Revenir à 1805, ce n’est pas reculer ; c’est refonder. C’est reconnaître que le pays ne peut se reconstruire sans puiser dans cette source première où le politique n’était pas gestion, mais destin. C’est accepter que la modernité haïtienne ne naîtra pas de l’imitation servile des modèles exogènes, mais de la réactivation lucide de notre généalogie institutionnelle.
Ainsi, au-delà des échecs et des errances contemporaines, une voie demeure ouverte : produire une constitution moderne, ancrée dans l’esprit de 1805, assagie par l’histoire, éclairée par le temps, mais fidèle à cette promesse initiale où Haïti se pensait déjà comme une nation souveraine, radicalement libre et consciente d’elle-même.
Références :
Arendt, H. (1958).
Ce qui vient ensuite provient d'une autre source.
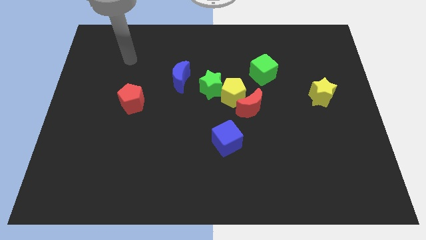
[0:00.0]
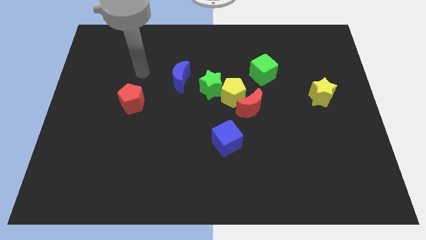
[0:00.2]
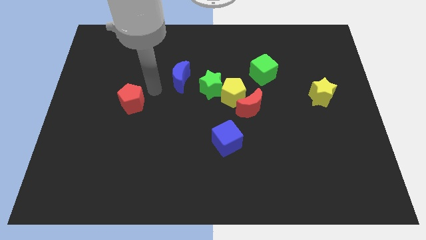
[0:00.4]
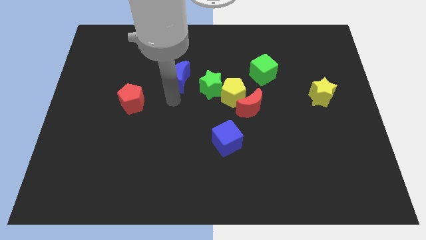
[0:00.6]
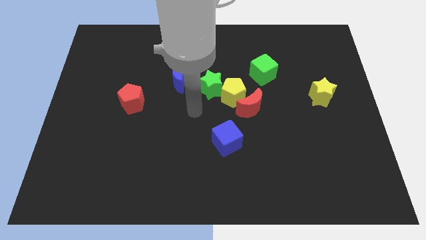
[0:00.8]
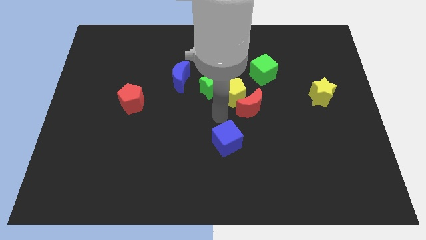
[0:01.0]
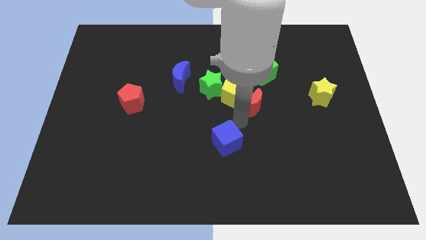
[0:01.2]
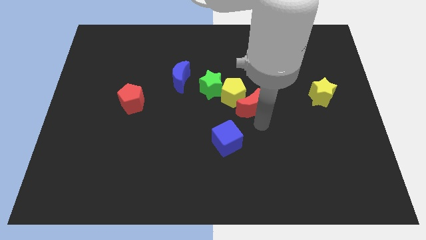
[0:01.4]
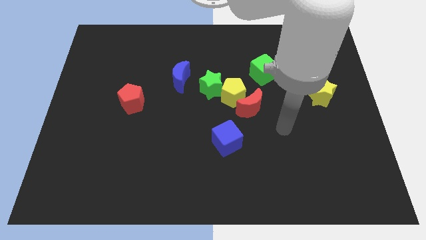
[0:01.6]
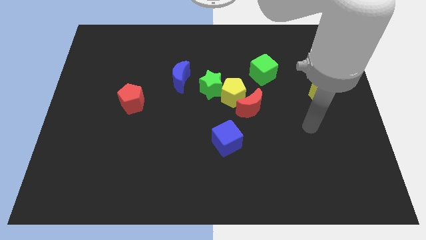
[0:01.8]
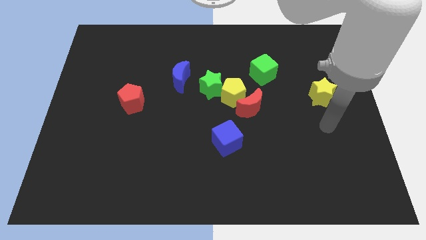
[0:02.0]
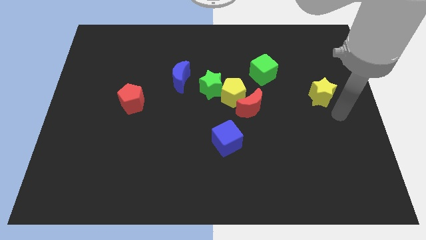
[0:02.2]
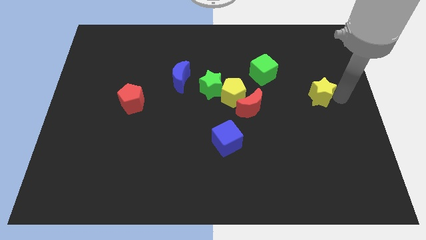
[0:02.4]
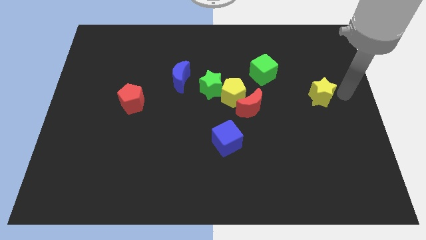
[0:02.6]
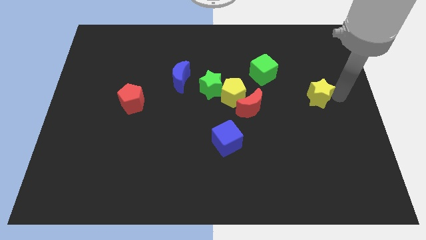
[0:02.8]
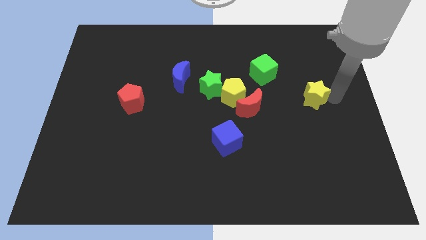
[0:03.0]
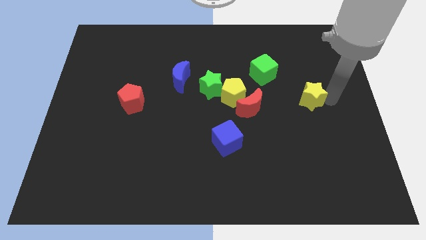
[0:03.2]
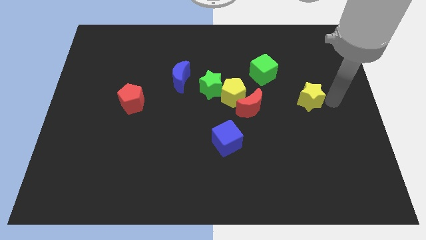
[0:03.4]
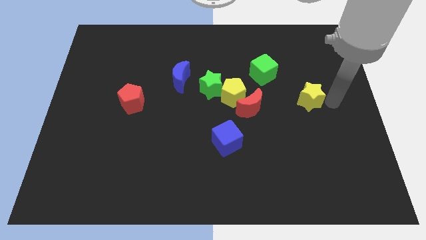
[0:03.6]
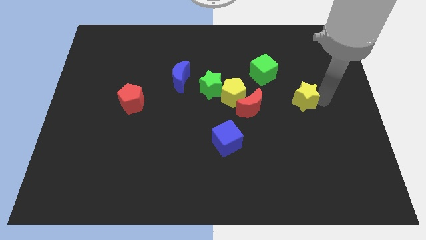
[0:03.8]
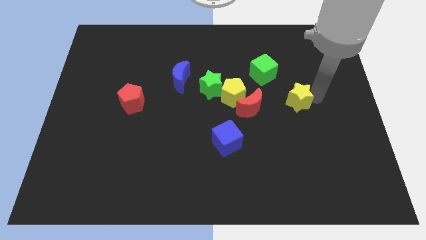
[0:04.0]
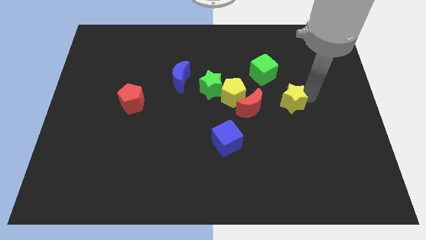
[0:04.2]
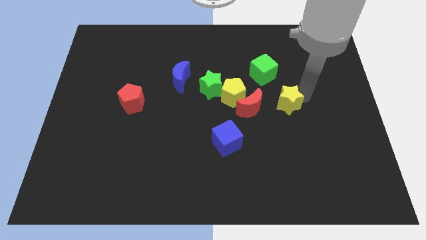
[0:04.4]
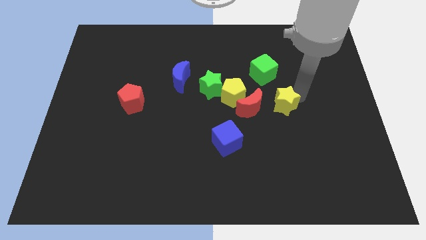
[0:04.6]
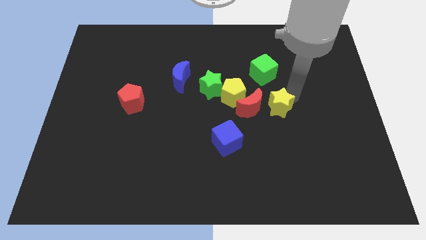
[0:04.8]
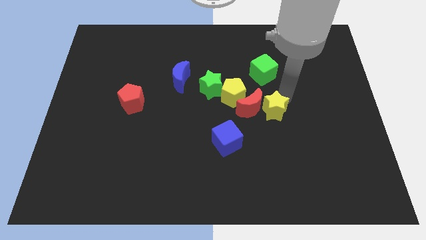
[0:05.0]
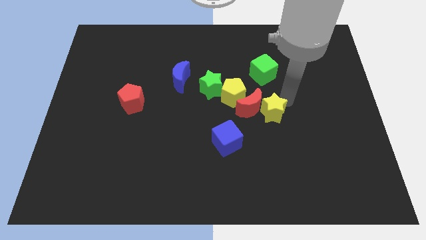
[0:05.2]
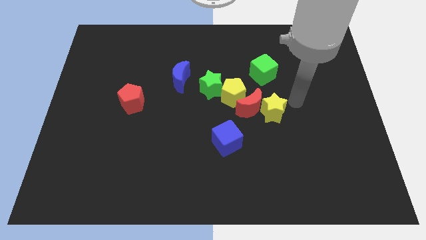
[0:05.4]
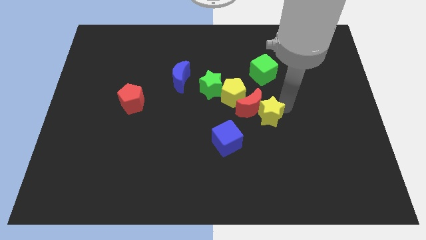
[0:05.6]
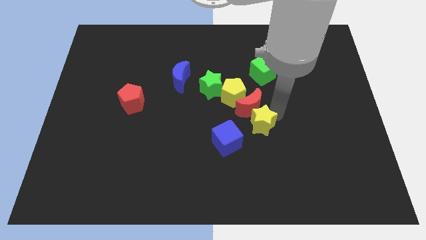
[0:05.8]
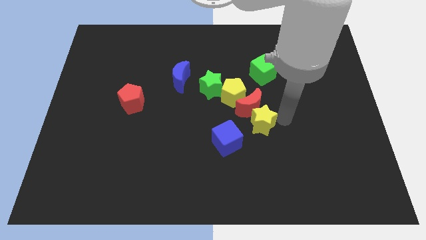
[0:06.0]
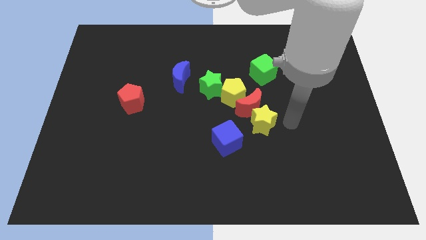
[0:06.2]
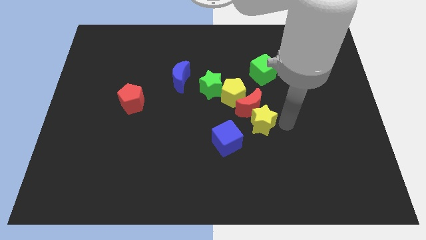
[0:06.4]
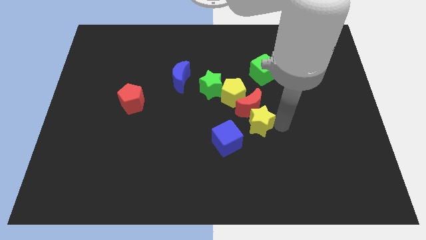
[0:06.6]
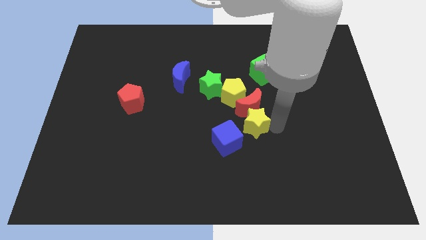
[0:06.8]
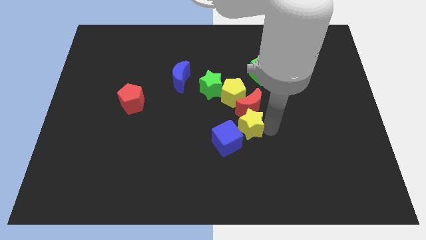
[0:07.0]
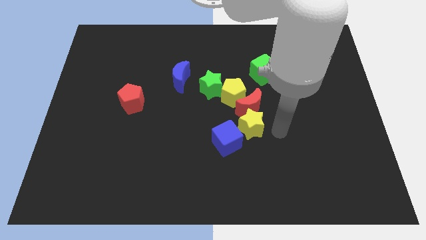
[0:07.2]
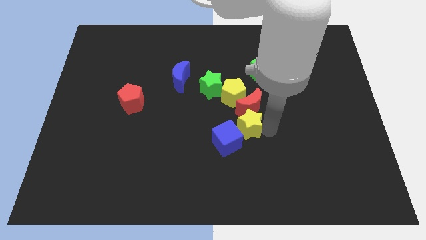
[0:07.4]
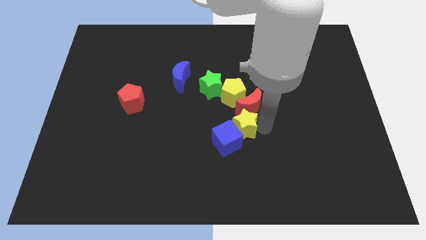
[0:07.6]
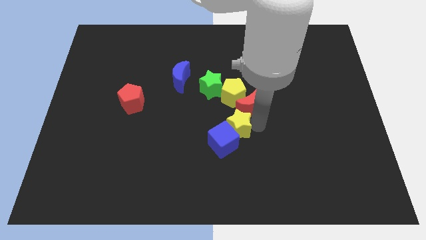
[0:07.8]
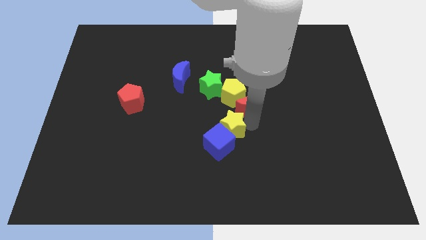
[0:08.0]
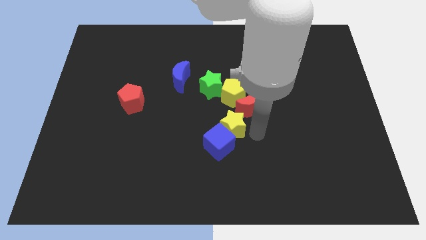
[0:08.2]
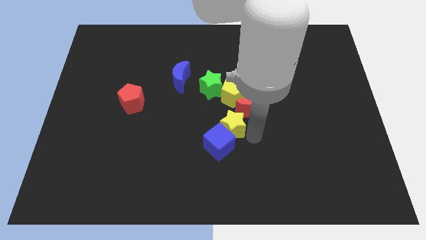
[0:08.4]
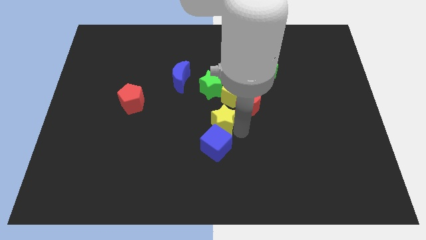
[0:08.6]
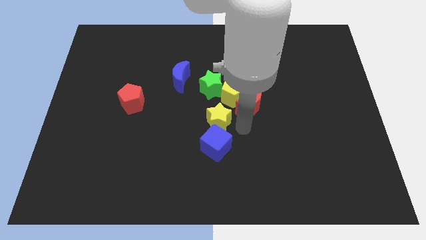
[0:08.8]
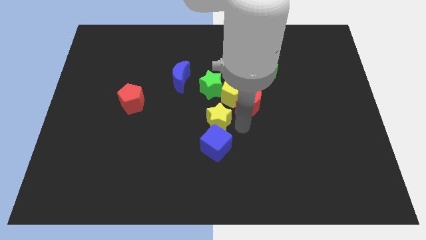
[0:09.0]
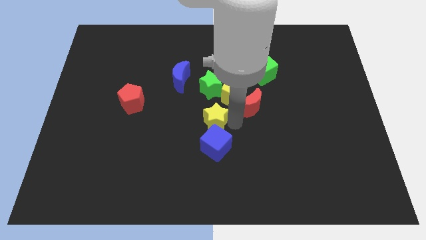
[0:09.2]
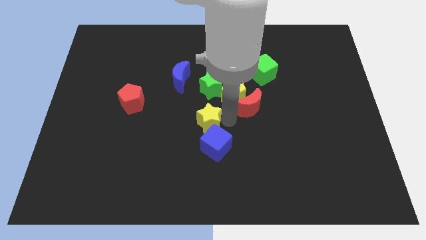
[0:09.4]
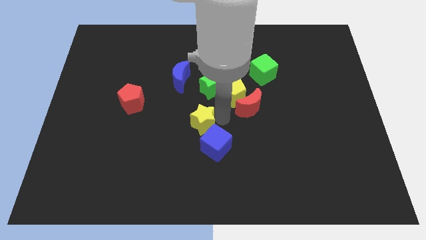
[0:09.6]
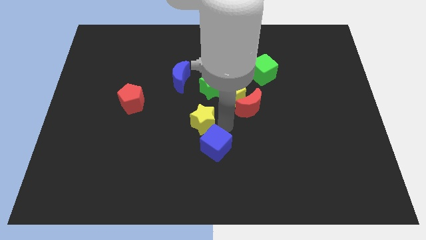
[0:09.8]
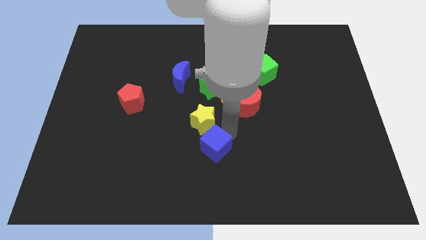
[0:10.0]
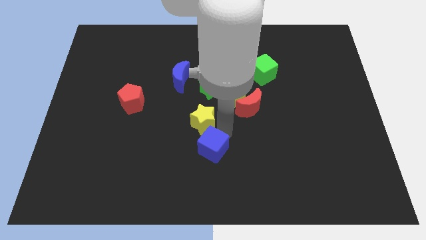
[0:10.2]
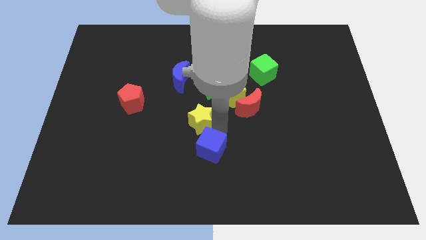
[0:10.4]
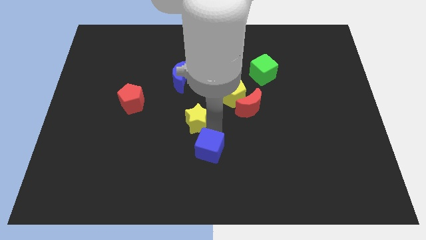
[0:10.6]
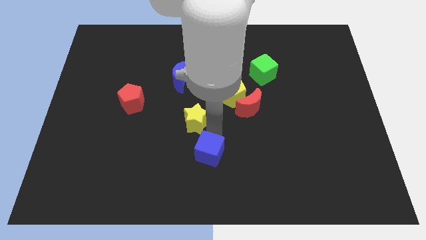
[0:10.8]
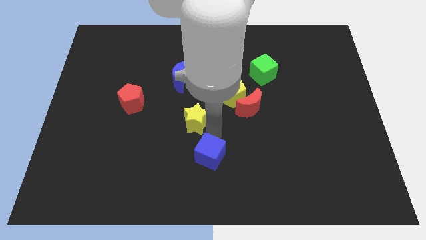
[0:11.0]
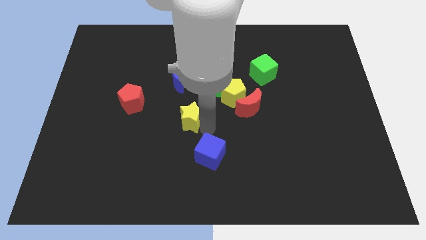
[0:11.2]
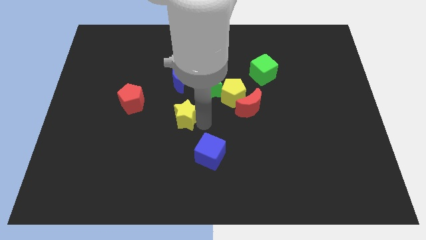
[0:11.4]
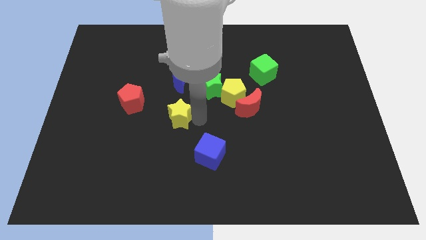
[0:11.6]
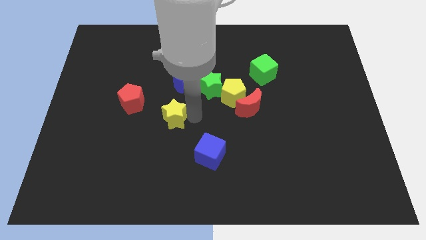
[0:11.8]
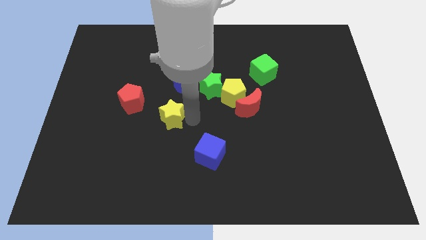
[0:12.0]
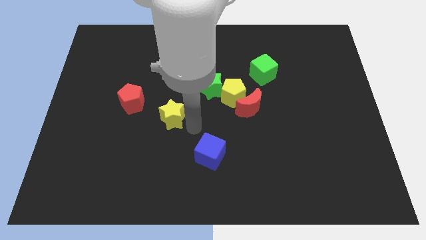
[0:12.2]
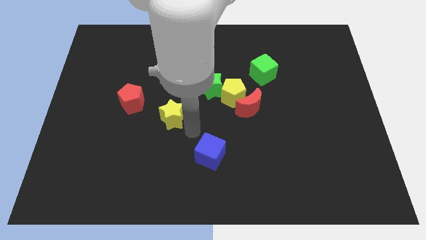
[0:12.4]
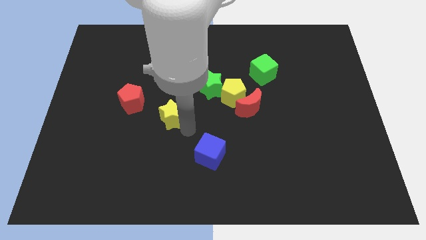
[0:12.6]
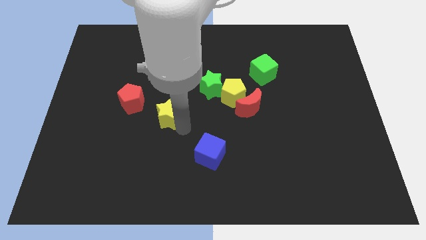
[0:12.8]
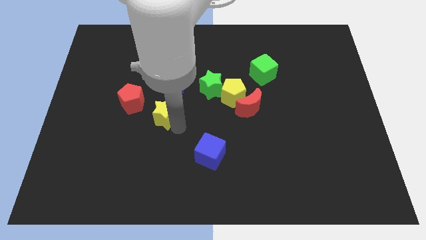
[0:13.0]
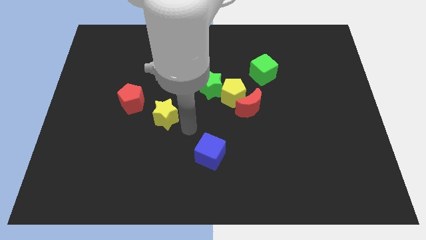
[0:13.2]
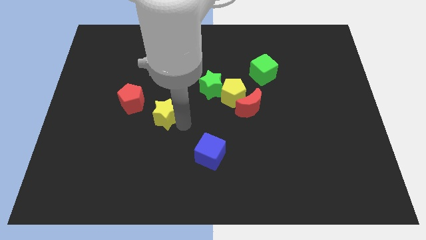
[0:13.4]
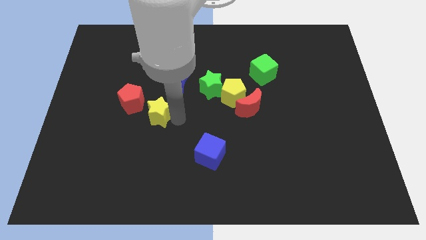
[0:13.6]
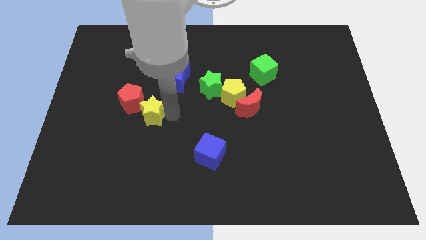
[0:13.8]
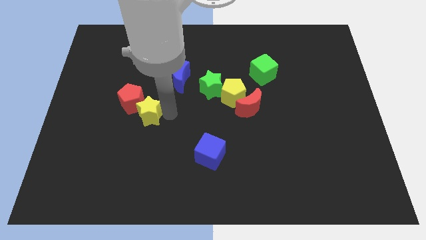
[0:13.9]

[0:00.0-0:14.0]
push the yellow star close to the red pentagon

The Human Condition. Chicago: University of Chicago Press.
Hector, M. (2009). Histoire de la Constitution haïtienne : genèse et portée de la Constitution de 1805. Port-au-Prince : Éditions C3.
Ricoeur, P. (1990). Soi-même comme un autre. Paris : Seuil.
Taleb, N. N. (2018). Skin in the Game: Hidden Asymmetries in Daily Life. New York: Random House.
Trouillot, M.-R. (1995). Silencing the Past: Power and the Production of History. Boston: Beacon Press.